When the iPhone was introduced in 2007, audiences were wowed by the simplicity and the functionality of the phone, but many complained about the absence of physical keys. Unless you were looking directly at the phone, it was impossible to tell what numbers you were dialing or letters you were typing. Besides an iPhone setting that plays sounds when keys are pressed, Apple included no other source of feedback that could tell you when you're touching a button or key.
Five years later, the iPhone is the most popular smartphone in the world, but using the digital keyboard is still not as satisfying as using a physical keypad. One company thinks it has the answer: On Tuesday, Fremont, Calif.-based Tactus Technology unveiled its answer to the touchscreen keyboard at SID Display Week 2012, showing off a prototype of an interface with appearing and disappearing keys that rise out of the touchscreen to provide a guide for your fingers and feedback to confirm the selection.
For years, people believed that the world was flat. They were wrong, Tactus said in its introductory video for the product, which is also featured at the bottom of the page. For years, people believed that touchscreens were only flat. They were wrong. Welcome to the new world of dynamic touchscreens.
On a prototype Android tablet, Tactus Technology demonstrated how, at a user's command, keys rise out of the screen when they're needed, and recede back into the touchscreen when they're not.
The origin of Tactus goes back to 2007, said Craig Ciesla, CEO of Tactus Technology. Looking at the iPhone and all the elegance of that user interface, I also realized that I like my Blackberry with the buttons. What a tactile touchscreen is, it's giving you the ability to have physical buttons that come out of the screen without giving up anything in a normal touchscreen. That's been our goal from Day 1, is to make the integration of our technology very easy for our customers.
The technology is based on the idea of microfluidics, which describes how beneath the surface of a typical-looking touchscreen are channels that can be arranged in any pattern a manufacturer wants, and how a small reservoir of oil is pumped through the channels to create a deformable membrane that covers the surface of the touchscreen.
Tactus' CEO Ciesla explains that while the technology can create any type of shape or button, his company is still looking to apply and feature this kind of flexible user interface beyond just smartphones and tablets.
As human beings, we really want to be able to feel things, Ciesla said. We really want that tactility. The vision for Tactus is that our technology has the ability to be the next-generation user interface really anywhere you see a touchscreen, for example gaming, appliances, navigation, automotive. It's not just about creating QWERTY keyboards, it's about creating a dynamic, physical surface that can create different shapes and objects anywhere on your touchscreen or any other device.
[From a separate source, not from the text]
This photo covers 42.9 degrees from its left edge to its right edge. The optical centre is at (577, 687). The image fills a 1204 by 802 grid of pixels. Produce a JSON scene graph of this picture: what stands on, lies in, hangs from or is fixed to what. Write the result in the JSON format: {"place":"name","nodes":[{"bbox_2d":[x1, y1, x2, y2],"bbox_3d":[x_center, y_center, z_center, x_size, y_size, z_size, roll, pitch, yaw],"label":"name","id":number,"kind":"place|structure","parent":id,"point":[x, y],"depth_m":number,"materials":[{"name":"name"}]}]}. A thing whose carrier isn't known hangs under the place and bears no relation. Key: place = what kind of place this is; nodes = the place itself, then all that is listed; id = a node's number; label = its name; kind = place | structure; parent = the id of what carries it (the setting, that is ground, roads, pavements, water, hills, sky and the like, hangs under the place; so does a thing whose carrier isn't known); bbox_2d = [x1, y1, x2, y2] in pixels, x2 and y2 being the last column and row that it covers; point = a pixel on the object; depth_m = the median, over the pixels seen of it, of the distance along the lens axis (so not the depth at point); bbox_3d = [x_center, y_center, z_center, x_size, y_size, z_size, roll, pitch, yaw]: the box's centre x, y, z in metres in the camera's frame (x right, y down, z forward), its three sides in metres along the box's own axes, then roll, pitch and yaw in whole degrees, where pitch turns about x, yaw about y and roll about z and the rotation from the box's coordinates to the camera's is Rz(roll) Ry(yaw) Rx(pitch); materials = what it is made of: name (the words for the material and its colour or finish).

The first Tactus products will become available in the middle of 2013, according to the company, but we might actually see this technology featured sooner than that. A similar technology dealing with advanced haptics and feedback is reportedly being built for Apple's sixth-generation smartphone, presumably called the iPhone 5.
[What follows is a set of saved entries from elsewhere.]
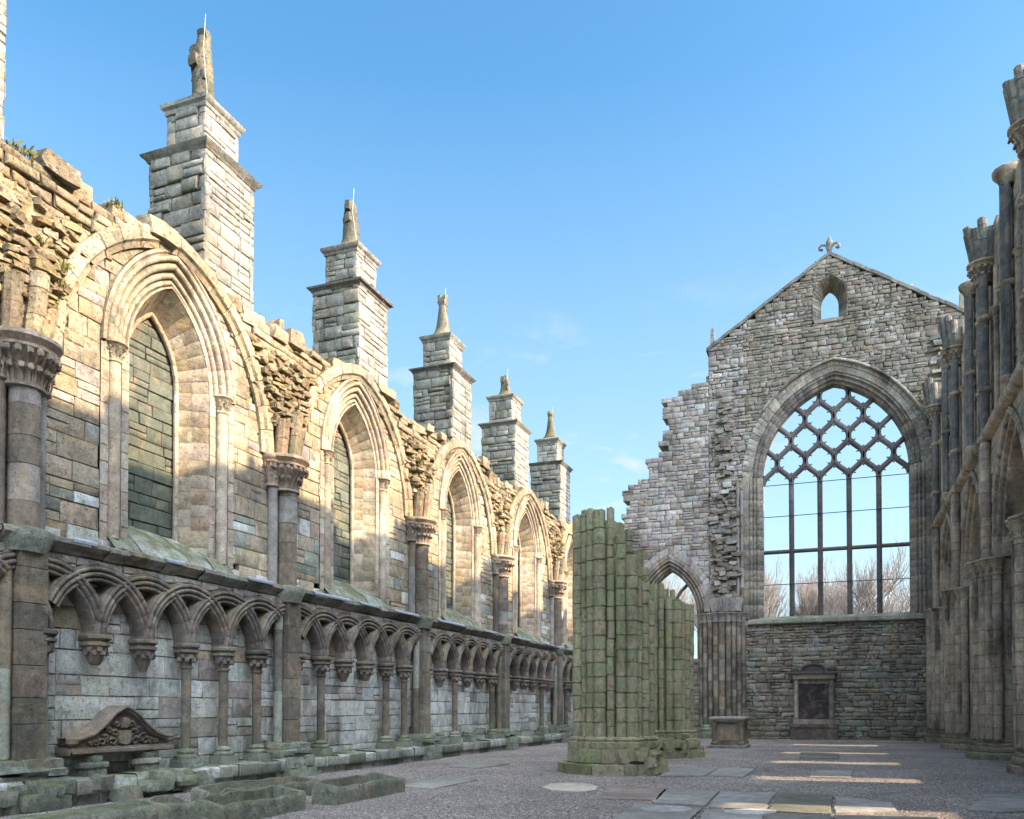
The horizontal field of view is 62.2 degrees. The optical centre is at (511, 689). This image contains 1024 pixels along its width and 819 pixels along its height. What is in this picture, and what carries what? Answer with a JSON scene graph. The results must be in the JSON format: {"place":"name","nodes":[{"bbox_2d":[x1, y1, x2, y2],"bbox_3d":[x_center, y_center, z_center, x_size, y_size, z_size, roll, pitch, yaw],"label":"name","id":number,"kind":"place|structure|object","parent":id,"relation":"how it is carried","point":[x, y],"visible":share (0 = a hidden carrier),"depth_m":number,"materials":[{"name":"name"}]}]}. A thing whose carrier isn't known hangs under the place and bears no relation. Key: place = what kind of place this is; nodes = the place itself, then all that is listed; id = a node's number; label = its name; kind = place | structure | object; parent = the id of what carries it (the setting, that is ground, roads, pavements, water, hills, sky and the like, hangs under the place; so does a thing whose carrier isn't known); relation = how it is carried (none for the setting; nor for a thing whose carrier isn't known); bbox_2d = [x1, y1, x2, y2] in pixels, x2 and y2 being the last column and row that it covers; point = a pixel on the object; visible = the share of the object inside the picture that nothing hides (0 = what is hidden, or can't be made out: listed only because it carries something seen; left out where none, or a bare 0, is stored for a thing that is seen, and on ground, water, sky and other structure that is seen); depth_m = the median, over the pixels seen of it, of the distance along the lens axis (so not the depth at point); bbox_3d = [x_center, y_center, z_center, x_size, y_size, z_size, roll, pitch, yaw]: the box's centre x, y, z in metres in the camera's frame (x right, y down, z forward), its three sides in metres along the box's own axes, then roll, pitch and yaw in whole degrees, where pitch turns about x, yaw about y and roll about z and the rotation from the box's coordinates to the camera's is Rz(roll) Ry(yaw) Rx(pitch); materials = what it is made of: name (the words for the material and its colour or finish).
{"place":"outdoors","nodes":[
{"label":"outdoors","id":0,"kind":"place"},
{"bbox_2d":[26,759,988,818],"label":"loose gravel","id":1,"kind":"structure","parent":0,"point":[519,814],"depth_m":16.49,"materials":[{"name":"grey gravel"}]},
{"bbox_2d":[0,738,1023,818],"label":"gravel floor","id":2,"kind":"structure","parent":0,"point":[1000,779],"depth_m":18.48,"materials":[{"name":"grey gravel"}]},
{"bbox_2d":[11,800,174,818],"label":"coffin lid","id":3,"kind":"object","parent":2,"relation":"on","point":[133,809],"visible":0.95,"depth_m":11.15,"materials":[{"name":"stone"}]},
{"bbox_2d":[140,787,245,818],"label":"stone coffin","id":4,"kind":"object","parent":2,"relation":"on","point":[181,809],"visible":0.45,"depth_m":11.91,"materials":[{"name":"grey stone"}]},
{"bbox_2d":[194,785,305,818],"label":"stone coffin","id":5,"kind":"object","parent":2,"relation":"on","point":[270,801],"visible":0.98,"depth_m":12.37,"materials":[{"name":"grey stone"}]},
{"bbox_2d":[191,775,317,801],"bbox_3d":[-4.428,1.763,14.795,0.638,0.375,2.513,-1,-1,27],"label":"stone coffin","id":6,"kind":"object","parent":2,"relation":"on","point":[294,782],"visible":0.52,"depth_m":15.00,"materials":[{"name":"grey stone"}]},
{"bbox_2d":[311,772,405,804],"bbox_3d":[-2.743,1.750,15.236,0.666,0.420,2.430,0,-1,21],"label":"stone coffin","id":7,"kind":"object","parent":2,"relation":"on","point":[347,789],"visible":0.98,"depth_m":14.81,"materials":[{"name":"grey stone"}]},
{"bbox_2d":[405,776,476,789],"bbox_3d":[-1.499,1.995,18.055,1.003,0.088,2.816,0,-1,21],"label":"grave stone","id":8,"kind":"object","parent":2,"relation":"on","point":[438,783],"visible":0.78,"depth_m":17.86,"materials":[{"name":"grey stone"}]},
{"bbox_2d":[449,761,509,768],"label":"grave stone","id":9,"kind":"object","parent":2,"relation":"on","point":[478,764],"visible":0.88,"depth_m":23.19,"materials":[{"name":"grey stone"}]},
{"bbox_2d":[542,782,598,792],"bbox_3d":[1.173,1.972,16.982,1.108,0.088,1.825,0,-1,8],"label":"grave stone","id":10,"kind":"object","parent":2,"relation":"on","point":[573,787],"visible":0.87,"depth_m":16.74,"materials":[{"name":"grey stone"}]},
{"bbox_2d":[558,507,668,775],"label":"ruined pier","id":11,"kind":"structure","parent":2,"relation":"on","point":[613,668],"depth_m":20.56,"materials":[{"name":"green stone"}]},
{"bbox_2d":[599,785,667,800],"bbox_3d":[2.317,1.950,15.914,1.088,0.088,2.555,0,-1,14],"label":"grave stone","id":12,"kind":"object","parent":2,"relation":"on","point":[631,793],"visible":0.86,"depth_m":15.57,"materials":[{"name":"grey stone"}]},
{"bbox_2d":[612,803,702,818],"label":"grave stone","id":13,"kind":"object","parent":2,"relation":"on","point":[634,811],"visible":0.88,"depth_m":12.54,"materials":[{"name":"grey stone"}]},
{"bbox_2d":[639,805,691,811],"bbox_3d":[2.383,1.886,13.161,0.774,0.100,0.800,0,-1,21],"label":"oval inlay","id":14,"kind":"object","parent":13,"relation":"in","point":[665,808],"visible":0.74,"depth_m":13.15,"materials":[{"name":"stone"}]},
{"bbox_2d":[650,583,709,758],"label":"ruined pier","id":15,"kind":"structure","parent":2,"relation":"on","point":[676,733],"depth_m":27.09,"materials":[{"name":"green stone"}]},
{"bbox_2d":[652,789,719,806],"bbox_3d":[3.033,1.932,15.075,1.142,0.088,2.494,0,-1,21],"label":"grave stone","id":16,"kind":"object","parent":2,"relation":"on","point":[698,798],"visible":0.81,"depth_m":14.88,"materials":[{"name":"grey stone"}]},
{"bbox_2d":[660,766,716,776],"bbox_3d":[4.352,2.058,21.082,1.204,0.088,3.194,0,-1,21],"label":"grave stone","id":17,"kind":"object","parent":2,"relation":"on","point":[675,771],"visible":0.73,"depth_m":20.62,"materials":[{"name":"grey stone"}]},
{"bbox_2d":[709,716,749,748],"bbox_3d":[8.819,1.718,34.380,1.440,1.285,1.920,0,-1,21],"label":"table tomb","id":18,"kind":"object","parent":2,"relation":"on","point":[729,732],"visible":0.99,"depth_m":33.62,"materials":[{"name":"stone"}]},
{"bbox_2d":[699,809,763,818],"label":"grave stone","id":19,"kind":"object","parent":2,"relation":"on","point":[714,814],"visible":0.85,"depth_m":12.39,"materials":[{"name":"grey stone"}]},
{"bbox_2d":[724,808,775,816],"bbox_3d":[3.601,1.879,12.826,0.748,0.100,0.702,0,-1,21],"label":"oval inlay","id":20,"kind":"object","parent":19,"relation":"in","point":[765,812],"visible":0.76,"depth_m":12.77,"materials":[{"name":"stone"}]},
{"bbox_2d":[708,767,755,777],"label":"grave stone","id":21,"kind":"object","parent":2,"relation":"on","point":[731,772],"visible":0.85,"depth_m":20.62,"materials":[{"name":"grey stone"}]},
{"bbox_2d":[708,792,775,809],"bbox_3d":[3.962,1.924,14.679,1.009,0.088,2.791,0,-1,21],"label":"grave stone","id":22,"kind":"object","parent":2,"relation":"on","point":[742,800],"visible":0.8,"depth_m":14.40,"materials":[{"name":"grey stone"}]},
{"bbox_2d":[621,235,963,740],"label":"gable wall","id":23,"kind":"structure","parent":2,"relation":"on","point":[693,518],"depth_m":43.60,"materials":[{"name":"stone"}]},
{"bbox_2d":[644,547,713,661],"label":"aisle window","id":24,"kind":"structure","parent":23,"relation":"in","point":[667,562],"depth_m":45.39,"materials":[{"name":"stone"}]},
{"bbox_2d":[789,663,838,739],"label":"wall memorial","id":25,"kind":"object","parent":23,"relation":"attached to","point":[813,719],"depth_m":42.54,"materials":[{"name":"stone"}]},
{"bbox_2d":[742,357,932,625],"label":"great window","id":26,"kind":"structure","parent":23,"relation":"in","point":[866,380],"depth_m":43.06,"materials":[{"name":"stone"}]},
{"bbox_2d":[766,813,831,818],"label":"grave stone","id":27,"kind":"object","parent":2,"relation":"on","point":[789,816],"visible":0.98,"depth_m":12.28,"materials":[{"name":"grey stone"}]},
{"bbox_2d":[769,793,832,814],"bbox_3d":[4.855,1.914,14.195,0.965,0.088,2.890,0,-1,21],"label":"grave stone","id":28,"kind":"object","parent":2,"relation":"on","point":[818,804],"visible":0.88,"depth_m":13.87,"materials":[{"name":"grey stone"}]},
{"bbox_2d":[799,752,838,758],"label":"grave stone","id":29,"kind":"object","parent":2,"relation":"on","point":[812,755],"visible":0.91,"depth_m":27.96,"materials":[{"name":"grey stone"}]},
{"bbox_2d":[809,770,852,777],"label":"grave stone","id":30,"kind":"object","parent":2,"relation":"on","point":[832,774],"visible":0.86,"depth_m":20.00,"materials":[{"name":"grey stone"}]},
{"bbox_2d":[834,796,896,813],"bbox_3d":[5.716,1.905,13.803,0.912,0.088,2.483,0,-1,21],"label":"grave stone","id":31,"kind":"object","parent":2,"relation":"on","point":[845,805],"visible":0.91,"depth_m":13.52,"materials":[{"name":"grey stone"}]},
{"bbox_2d":[833,815,937,818],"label":"grave stone","id":32,"kind":"object","parent":2,"relation":"on","point":[867,817],"visible":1,"depth_m":12.17,"materials":[{"name":"grey stone"}]},
{"bbox_2d":[921,64,1023,775],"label":"arcade wall","id":33,"kind":"structure","parent":2,"relation":"on","point":[974,414],"depth_m":26.84,"materials":[{"name":"stone"}]},
{"bbox_2d":[967,793,1023,813],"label":"grave stone","id":34,"kind":"object","parent":2,"relation":"on","point":[998,803],"visible":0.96,"depth_m":13.80,"materials":[{"name":"grey stone"}]},
{"bbox_2d":[3,0,1023,700],"label":"sky","id":35,"kind":"structure","parent":0,"point":[592,189],"materials":[{"name":"blue"}]},
{"label":"ground","id":36,"kind":"structure","parent":0,"visible":0},
{"bbox_2d":[0,136,573,814],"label":"aisle wall","id":37,"kind":"structure","parent":36,"relation":"on","point":[238,542],"depth_m":17.89,"materials":[{"name":"stone"}]},
{"bbox_2d":[0,0,6,141],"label":"buttress tower","id":38,"kind":"structure","parent":37,"relation":"on","point":[3,15],"depth_m":15.09,"materials":[{"name":"stone"}]},
{"bbox_2d":[55,706,173,776],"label":"memorial pediment","id":39,"kind":"structure","parent":37,"relation":"attached to","point":[115,729],"depth_m":15.02,"materials":[{"name":"stone"}]},
{"bbox_2d":[53,223,273,573],"bbox_3d":[-6.959,-5.746,16.937,0.934,6.569,6.160,0,-1,21],"label":"window","id":40,"kind":"structure","parent":37,"relation":"in","point":[194,524],"depth_m":17.29,"materials":[{"name":"stone"}]},
{"bbox_2d":[139,14,263,310],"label":"buttress tower","id":41,"kind":"structure","parent":37,"relation":"on","point":[204,185],"depth_m":20.51,"materials":[{"name":"stone"}]},
{"bbox_2d":[306,194,393,386],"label":"buttress tower","id":42,"kind":"structure","parent":37,"relation":"on","point":[351,304],"depth_m":26.94,"materials":[{"name":"stone"}]},
{"bbox_2d":[301,363,412,608],"bbox_3d":[-4.503,-5.610,23.416,0.933,6.571,6.160,0,-1,21],"label":"window","id":43,"kind":"structure","parent":37,"relation":"in","point":[344,482],"depth_m":24.05,"materials":[{"name":"stone"}]},
{"bbox_2d":[409,290,475,448],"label":"buttress tower","id":44,"kind":"structure","parent":37,"relation":"on","point":[443,381],"depth_m":33.38,"materials":[{"name":"stone"}]},
{"bbox_2d":[430,439,496,628],"bbox_3d":[-2.047,-5.475,29.895,0.934,6.568,6.160,0,-1,21],"label":"window","id":45,"kind":"structure","parent":37,"relation":"in","point":[459,533],"depth_m":30.66,"materials":[{"name":"stone"}]},
{"bbox_2d":[478,374,531,487],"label":"buttress tower","id":46,"kind":"structure","parent":37,"relation":"on","point":[506,432],"depth_m":39.83,"materials":[{"name":"stone"}]},
{"bbox_2d":[508,488,552,642],"bbox_3d":[0.410,-5.337,36.373,0.933,6.573,6.160,0,-1,21],"label":"window","id":47,"kind":"structure","parent":37,"relation":"in","point":[526,572],"depth_m":37.19,"materials":[{"name":"stone"}]},
{"bbox_2d":[529,411,572,523],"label":"buttress tower","id":48,"kind":"structure","parent":37,"relation":"on","point":[550,470],"depth_m":46.33,"materials":[{"name":"stone"}]},
{"bbox_2d":[562,522,572,648],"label":"window","id":49,"kind":"structure","parent":37,"relation":"in","point":[568,551],"depth_m":42.85,"materials":[{"name":"stone"}]},
{"bbox_2d":[661,575,696,626],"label":"bare tree","id":50,"kind":"object","parent":36,"relation":"on","point":[683,596],"visible":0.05,"depth_m":77.00,"materials":[{"name":"brown plant"}]},
{"bbox_2d":[682,593,696,633],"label":"bare tree","id":51,"kind":"object","parent":36,"relation":"on","point":[695,610],"depth_m":86.41,"materials":[{"name":"brown plant"}]},
{"bbox_2d":[746,555,799,624],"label":"bare tree","id":52,"kind":"object","parent":36,"relation":"on","point":[772,600],"visible":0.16,"depth_m":76.44,"materials":[{"name":"brown plant"}]},
{"bbox_2d":[780,564,843,621],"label":"bare tree","id":53,"kind":"object","parent":36,"relation":"on","point":[804,595],"visible":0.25,"depth_m":78.05,"materials":[{"name":"brown plant"}]},
{"bbox_2d":[786,554,883,622],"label":"bare tree","id":54,"kind":"object","parent":36,"relation":"on","point":[832,585],"visible":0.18,"depth_m":78.81,"materials":[{"name":"brown plant"}]},
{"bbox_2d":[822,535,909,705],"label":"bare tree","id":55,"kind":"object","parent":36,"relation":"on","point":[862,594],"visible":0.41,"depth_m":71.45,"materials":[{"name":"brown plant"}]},
{"bbox_2d":[870,552,909,611],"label":"bare tree","id":56,"kind":"object","parent":36,"relation":"on","point":[894,593],"visible":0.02,"depth_m":82.62,"materials":[{"name":"brown plant"}]}
]}

Apple's Take On Advanced Haptics In Mobile Devices
On May 3, the U.S. Patent and Trademark Office released a published patent for an incredibly intelligent multi-tiered haptics system that lets users feel buttons and arrows that magically elevate from the screen, which is accomplished with either sensors, actuators, or both. The entire system is multi-functional, so it can sense and perform actions simultaneously.
A control system of a tiered haptic system may determine the amount of pressure, force, displacement or other physical response associated with the user stimuli, Apple said in its patent filing. For example, a tiered haptic system may distinguish between relatively light contact and a relatively heavy contact on the screen surface. In some embodiments, a tiered haptic system may perform particular tasks depending on the physical response of the stimuli. (This could certainly apply to painting or illustrating apps.)
Apple says its new invention features several elastic screens (made of any suitable material, from elastomers like rubber to polyeurethane or polyester) that are stacked on top of each other, so various arrangements of the signals could create elements of different sizes and shapes. With these layers of elastic sheets, Apple's haptic system can create different types of actuation, including vibration, net displacement, bending, deforming, other modes, or any combination of these elements, on almost any portable Apple device, including iPhones, iPads, iPod Touch devices, and even MacBooks.
Some examples of Apple's technology couple the haptics system with a secondary display screen, audio system or another device entirely, so users can feel buttons connected to TV screens or other devices. This would be extremely useful if Apple ever builds its own television, so any iDevice could create buttons specific to the program you're trying to control (e.g. Blu-ray DVD controls vs. cable TV controls vs. video game controls, etc.).
If this haptics technology isn't unveiled in the iPhone 5, it's likely that a future iPhone will feature Tactus Technology's dynamic touchscreens. If a touchscreen can create physical buttons on a needed basis, all while maintaining its original integrity, there is absolutely no reason to try and make this a reality. Feeling buttons or controls on a smartphone would be extremely useful for completing tasks that typically require a keyboard, but it would also free up companies from a design perspective to eliminate physical buttons on the outside of the phone for software buttons on the inside.
It's an incredible and exciting technology, but we'll just have to wait until later this year or early next year to see how Tactus Technology plans to apply its dynamic touchscreens. But if this really is a hot technology, there's a great chance Apple will rush to get its recently-granted patent into its next iPhone, which is expected to arrive in September or October.